§ Your instructions: Each line of data below is to be returned exactly, leaving out any picture.

----------------------------------------

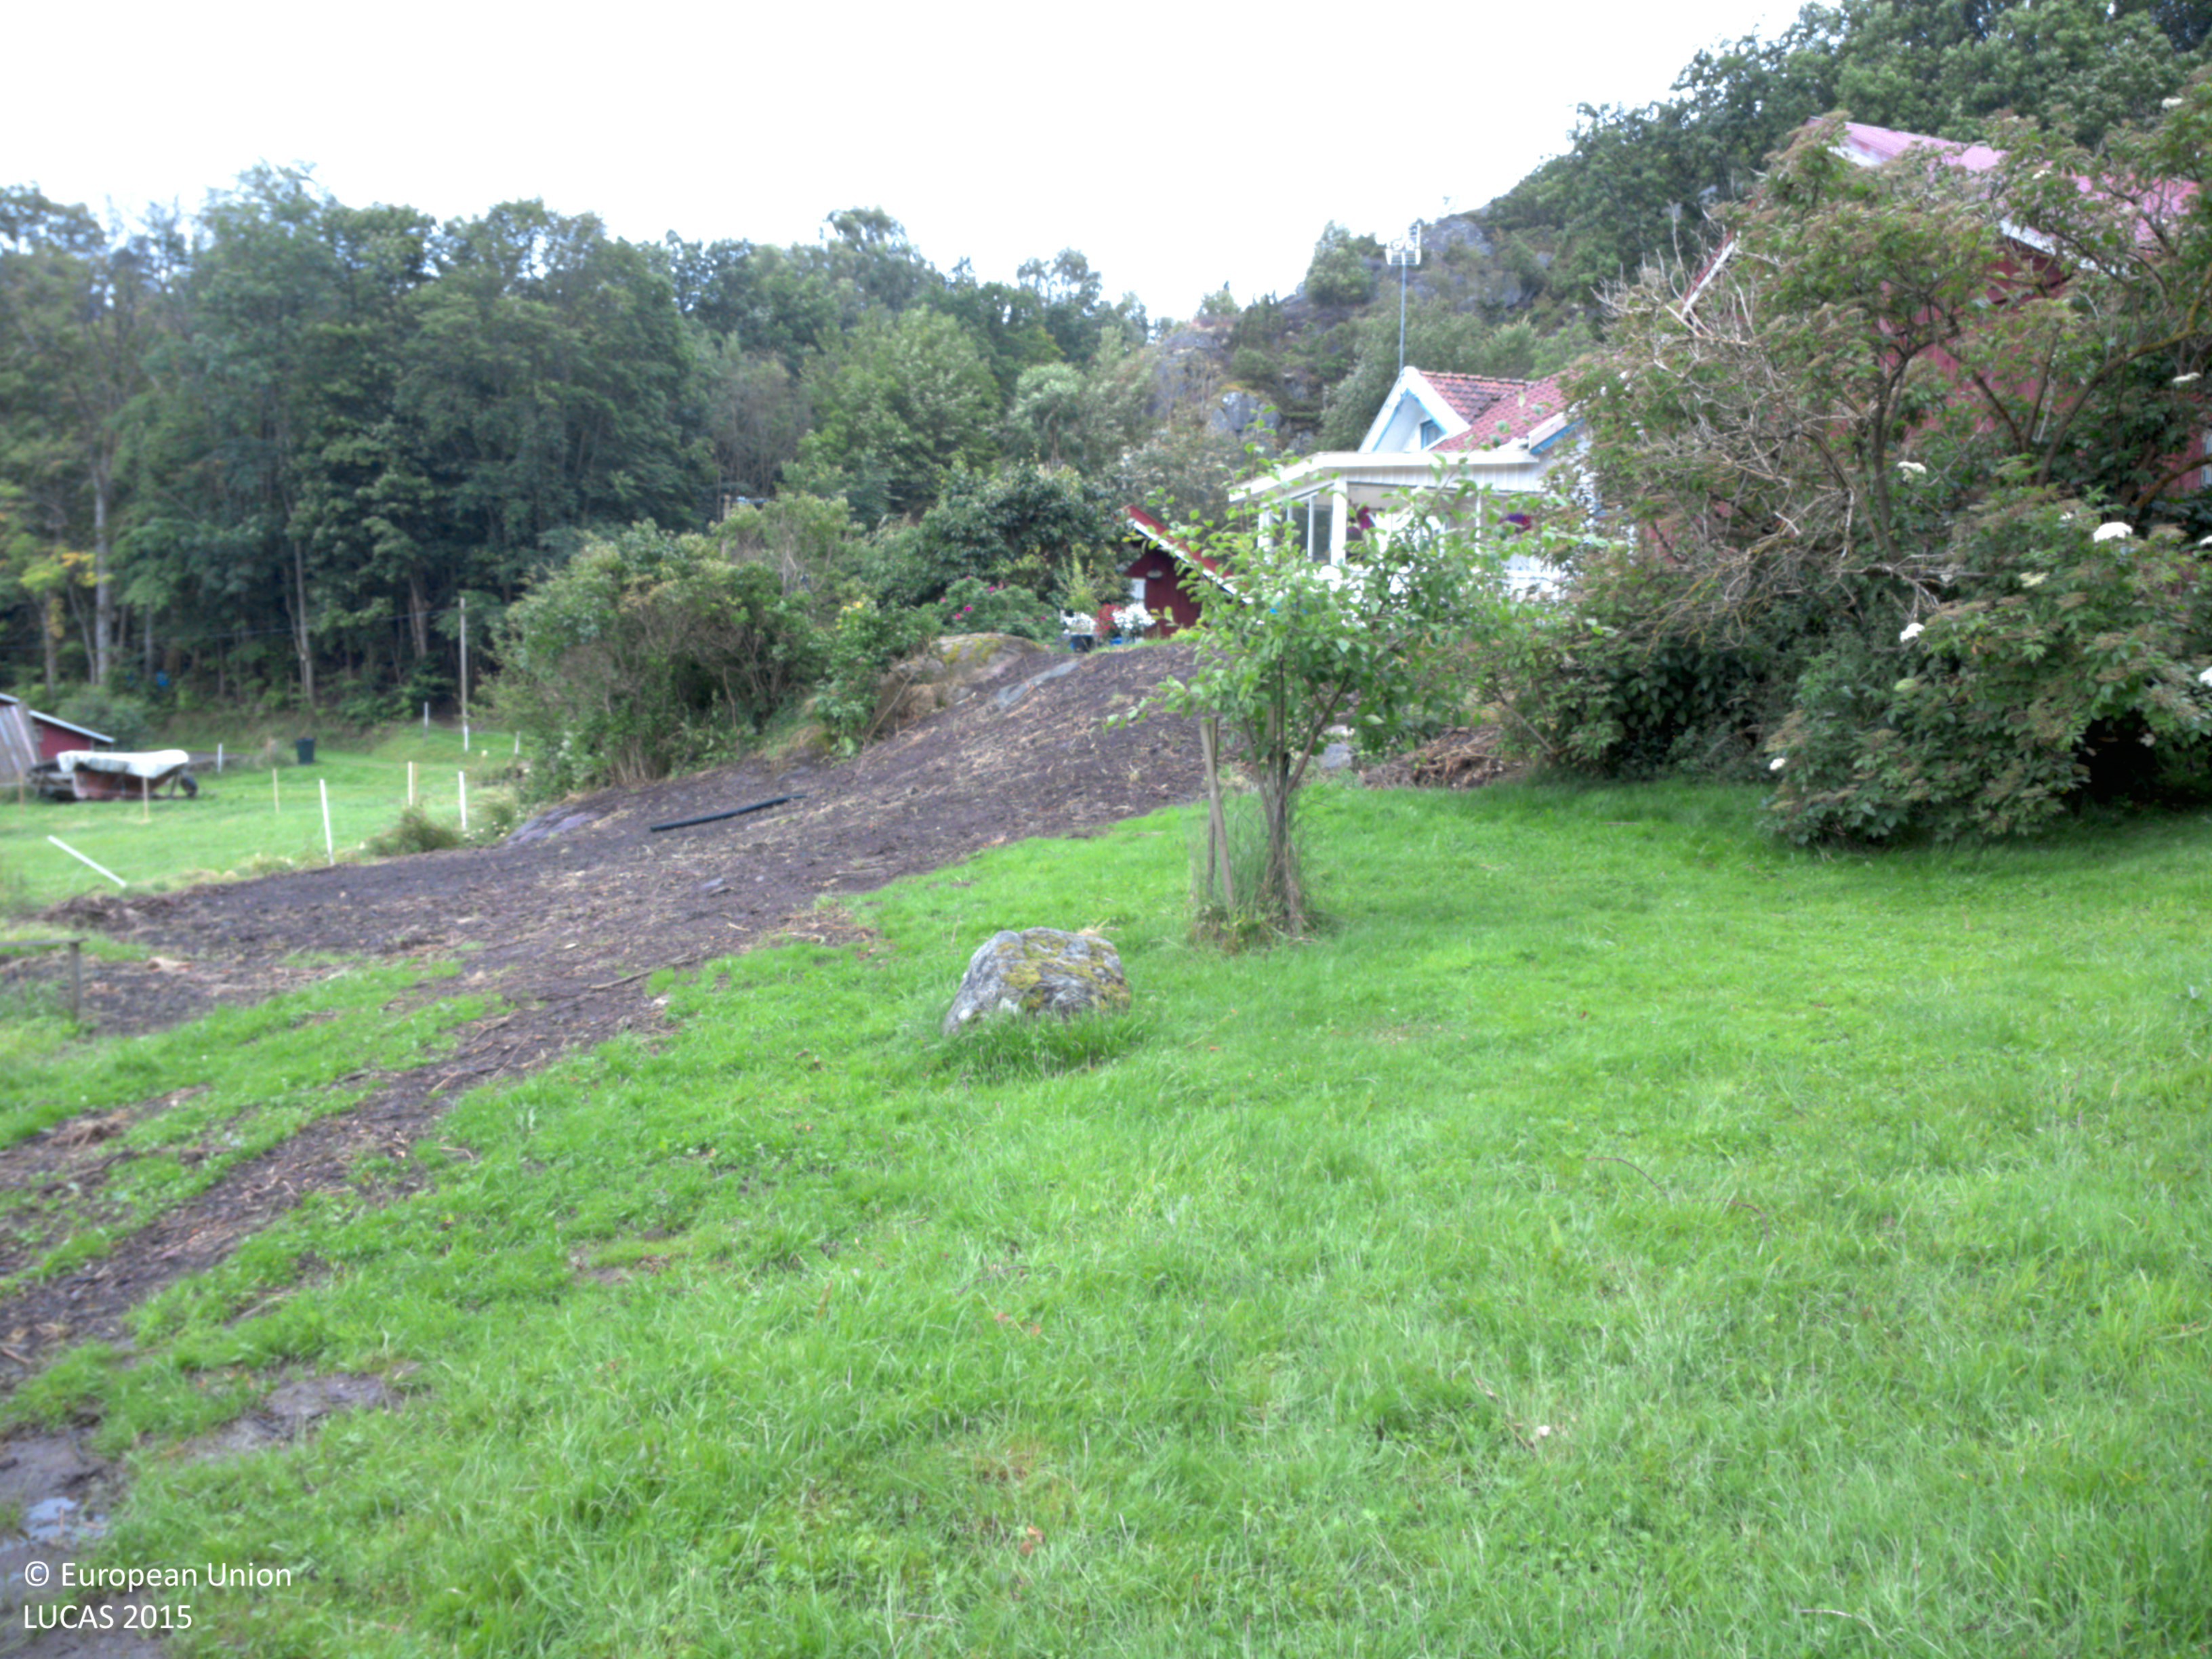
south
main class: Grassland
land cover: Grassland without tree/shrub cover
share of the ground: > 75 %
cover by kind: herbaceous plants 90 %, unconsolidated bare surface 10 %
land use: Residential
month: July
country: SE
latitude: 58.0484
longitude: 11.5726
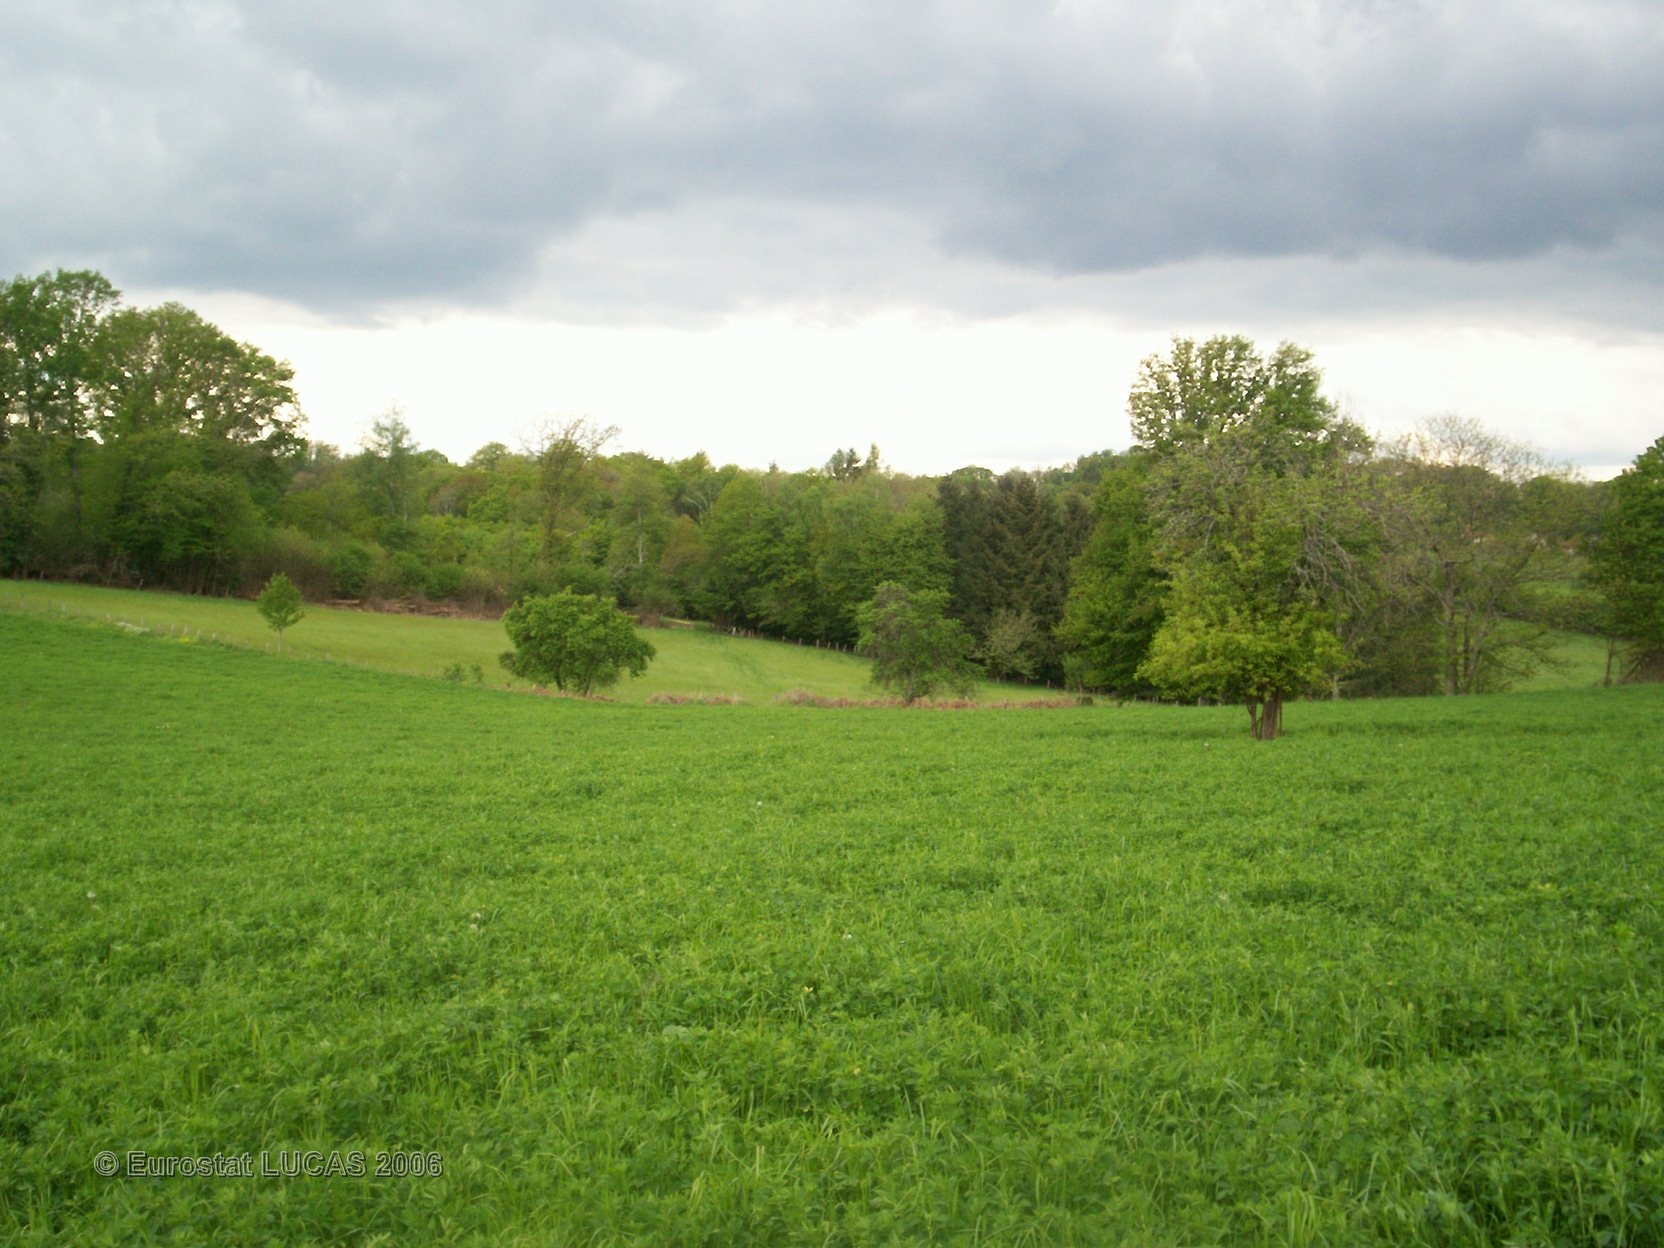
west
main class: Cropland
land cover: Lucerne
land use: Agriculture (excluding fallow land and kitchen gardens)
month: May
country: FR
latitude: 45.7446
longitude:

----------------------------------------

§ Your response:
south
main class: Grassland
land cover: Grassland without tree/shrub cover
share of the ground: > 75 %
cover by kind: herbaceous plants 90 %, unconsolidated bare surface 10 %
land use: Residential
month: July
country: SE
latitude: 58.0484
longitude: 11.5726
west
main class: Cropland
land cover: Lucerne
land use: Agriculture (excluding fallow land and kitchen gardens)
month: May
country: FR
latitude: 45.7446
longitude:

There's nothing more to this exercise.